Ni qué decir tiene que el inmenso peligro del nacionalismo viene sobre todo de que es muy humano, porque representa una magnífica solución al eterno problema de la vida humana desde el momento en que lo que sobresale en todo nacionalista es su miedo y su cobardía. Quien haya experimentado la muerte de Dios sabe que los humanos estamos esencialmente solos, y que ninguno de nosotros va a llegar arriba de los cien años. Estamos solos, en lo fundamental, y nos vamos muriendo todos los días: como darse cuenta de esto es mucho más de lo que tantos pueden soportar, el nacionalismo tiene éxito porque les proporciona una solución redonda, la mejor junto con la religiosa. Ni estoy solo ni me voy a morir, se dice el nacionalista, si me sumerjo en la baba del útero de la Madre Patria. Además, así sabré a quién tengo que querer y a quién odiar, así ya no tendré que pensar y que decidir por mi cuenta y riesgo, porque habré dimitido de mi condición individual, y del peso de mi responsabilidad, para integrarme en el magma de los alegres fanáticos descerebrados que entonan el himno que sea. Dice el nacionalista que quien olvida sus raíces pierde su identidad, y con eso pretende asimilarnos a su autoengaño sugiriéndonos que los humanos tendríamos identidad, o que habría un modo de no perderla, cuando en absoluto la tenemos (eso ni lo arreglaba Dios ni mucho menos ahora la Madre Patria). Como se sabe, como mucho se podría decir que somos hijos de nuestras obras y de nuestros decires, pero el nacionalista, como individuo, ni dice ni hace nada que sea distinto a lo que dice y hace la masa de borregos nacionalistas. Obtiene una falsa identidad al renunciar a la única identidad, parcial, que es posible.

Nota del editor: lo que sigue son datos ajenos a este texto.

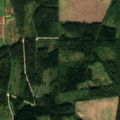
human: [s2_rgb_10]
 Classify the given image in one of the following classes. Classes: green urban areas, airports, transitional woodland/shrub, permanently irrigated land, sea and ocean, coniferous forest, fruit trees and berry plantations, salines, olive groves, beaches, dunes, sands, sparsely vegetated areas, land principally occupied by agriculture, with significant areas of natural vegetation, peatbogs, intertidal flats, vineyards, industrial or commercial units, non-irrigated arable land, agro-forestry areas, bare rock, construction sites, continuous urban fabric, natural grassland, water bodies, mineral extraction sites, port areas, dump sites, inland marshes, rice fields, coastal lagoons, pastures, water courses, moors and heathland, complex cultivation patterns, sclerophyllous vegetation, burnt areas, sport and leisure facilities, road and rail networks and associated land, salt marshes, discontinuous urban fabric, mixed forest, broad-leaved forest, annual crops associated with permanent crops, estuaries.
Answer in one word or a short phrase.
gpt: non-irrigated arable land, complex cultivation patterns, coniferous forest, mixed forest, transitional woodland/shrub

Cuando hace ya muchos años la televisión española le hizo una entrevista a Lluís Llach, este reconoció que era nacionalista catalán, pero en seguida pretendió quitarle hierro al asunto, y hacerse simpático al modo típico, con esa maldad de raquítico tan típica del niño de colegio de curas tal vez pederastas, alegando que para él el nacionalismo no era eso de las naciones y las banderas, qué va, qué va, faltaría más, sino la reivindicación de que el individuo solo puede ser libre en el seno de un pueblo libre. Nos estaba engañando a todos y se estaba engañando a sí mismo el cantante catalán, porque el nacionalismo supone dimitir como individuos, es justamente eso que Llach negaba con la mayor desfachatez, o sea, nuestra disolución en las naciones y las banderas. El que fuera mejor músico del país y un buen poeta ya tenía su enfermedad, entonces, bastante avanzada.